Gabriel Itkes-Sznap, Dagens Nyheter

 

Einhorn has been the custodian of Jakubowski’s story with an unfailing tenderness and an impressive capacity for empathy, that both fills in and opens up the story’s many chasms. This constant uncertainty means that you read the book both as a striking portrayal and as a skillfully written tale from the time when people allowed themselves the luxury of taking a long time to tell their life story.

Sinziana Ravini, Göteborgs-Posten

 

After reading it, mainly the image of the father remains in me. It is the portrait of a man who does not allow himself to be portrayed, he is constantly slipping away, driven by fear, denial and a desperate hunger for life, on the run throughout his life, until the flight stops, in the slums of Bergsjön outside Gothenburg.

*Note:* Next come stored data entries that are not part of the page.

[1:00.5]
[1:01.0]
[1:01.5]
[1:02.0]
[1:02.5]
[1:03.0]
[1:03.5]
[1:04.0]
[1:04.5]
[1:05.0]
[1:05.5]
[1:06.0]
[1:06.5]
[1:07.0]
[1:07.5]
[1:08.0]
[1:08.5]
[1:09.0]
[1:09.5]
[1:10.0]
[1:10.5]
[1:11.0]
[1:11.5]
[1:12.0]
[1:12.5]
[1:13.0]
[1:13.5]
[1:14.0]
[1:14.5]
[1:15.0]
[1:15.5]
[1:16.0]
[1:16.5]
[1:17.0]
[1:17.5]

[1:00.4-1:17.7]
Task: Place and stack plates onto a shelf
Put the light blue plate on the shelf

Carl-Michael Edenborg, Aftonbladet

 

I recommend you to read A Crate of Oranges, perhaps especially those of you who were not familiar with Jackie Jakubowski, because for you it will be a captivating novel, while those of us who knew him are reminded of his absence.

Nina Solomin, Fokus

 

Einhorn manages Jakubowski’s story well and has a knack for laying out pieces of the puzzle that compel the reader to continue. The book is written with a rhythm, while at the same time it leaves gaps that the reader seeks to fill.

Jonas Frånander, BTJ (Library services)

 

Lena Einhorn writes in fluent prose and approaches her subject with care. It is a book about a boy’s childhood and the young man Jasio is about to become as he has to leave for Sweden.

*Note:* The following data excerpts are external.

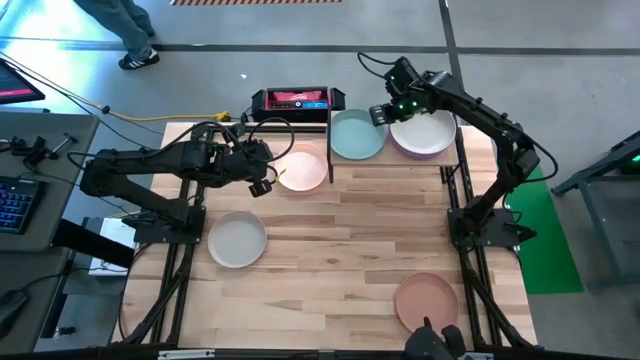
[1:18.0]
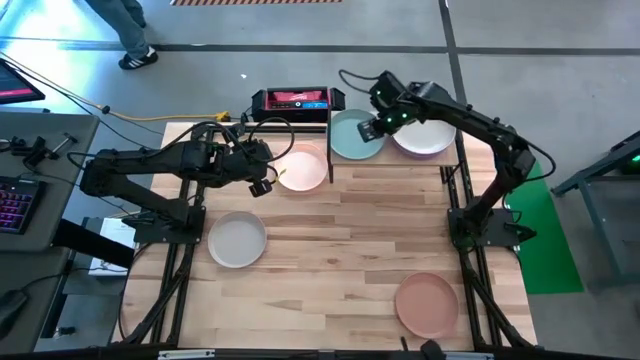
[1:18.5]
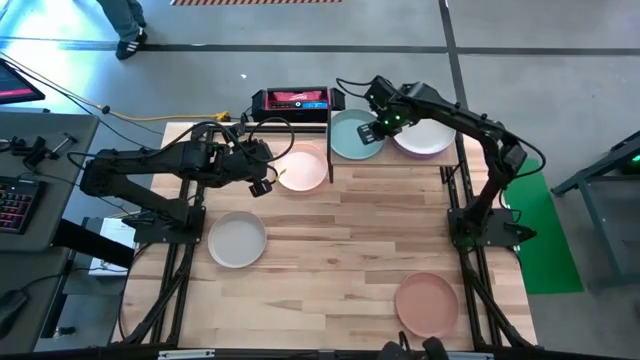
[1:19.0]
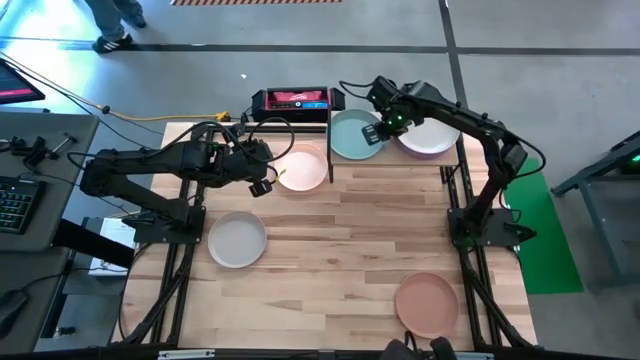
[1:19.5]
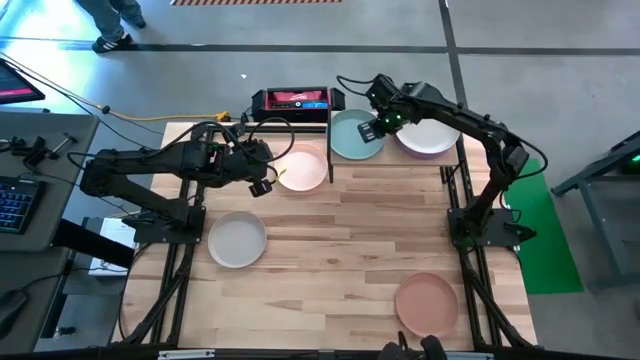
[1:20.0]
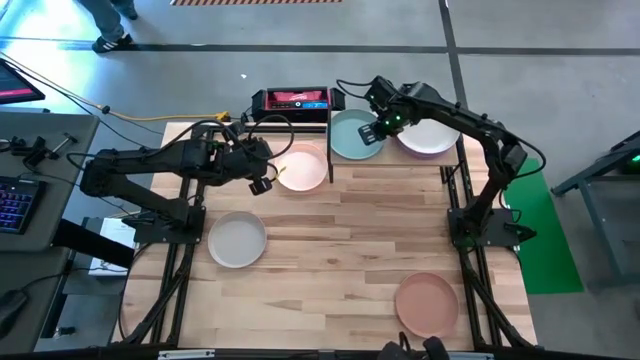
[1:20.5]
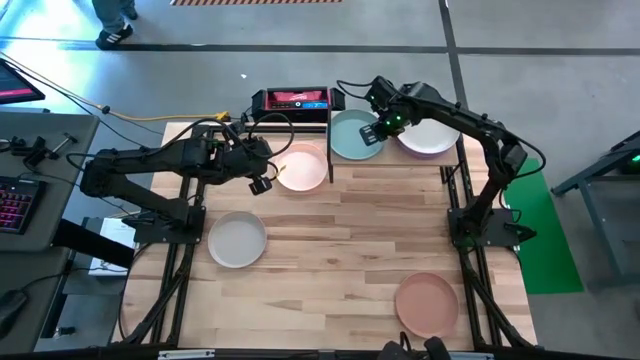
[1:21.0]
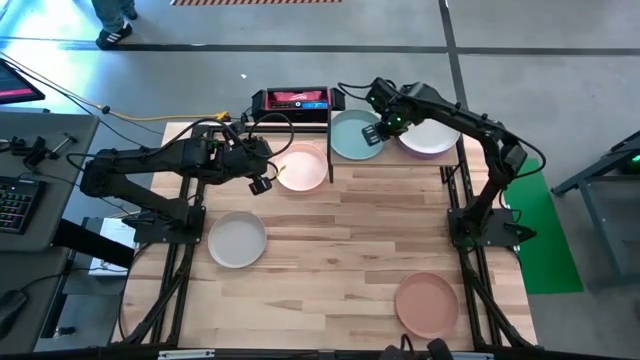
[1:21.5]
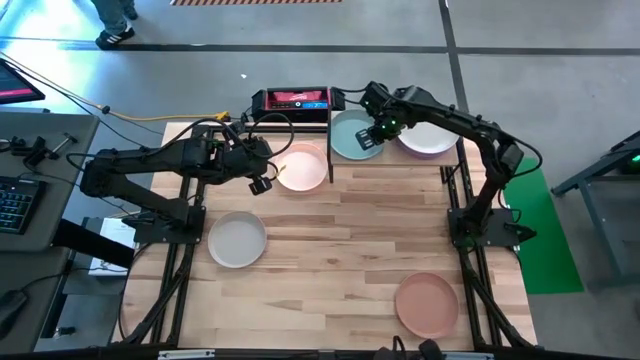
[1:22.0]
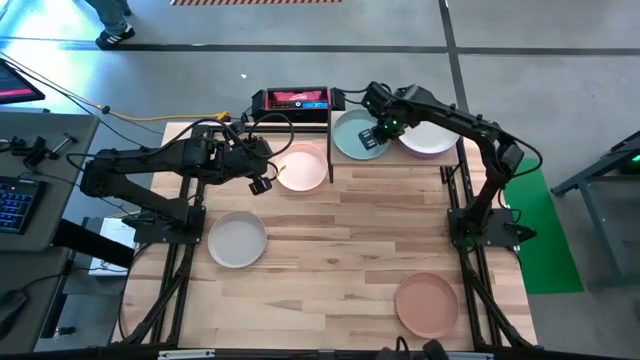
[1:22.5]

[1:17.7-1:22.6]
Adjust the plates on the shelf

Anne-Charlotte Östman, LitteraturMagazinet

 

When personal traumatic experiences go hand in hand with structural systemic failures, the accumulated fear needs to be decoded and made visible in some form, perhaps clothed in words. Delicately, without a word too many and in exactly the right dramaturgical order, Einhorn lets the reader participate in just such a decoding. In a cinematic way, we step in and out of scenes, both terrifying and loving, constantly in a masterful balance between real and unreal, reasonable and unreasonable.

Sussi Yildiz Dag, Östgöta Correspondenten

 

It’s a fantastic novel,  and I get really moved from time to time. Tears come out every now and then, but I also get a little laugh sometimes. Just like it should be when you read a really good book.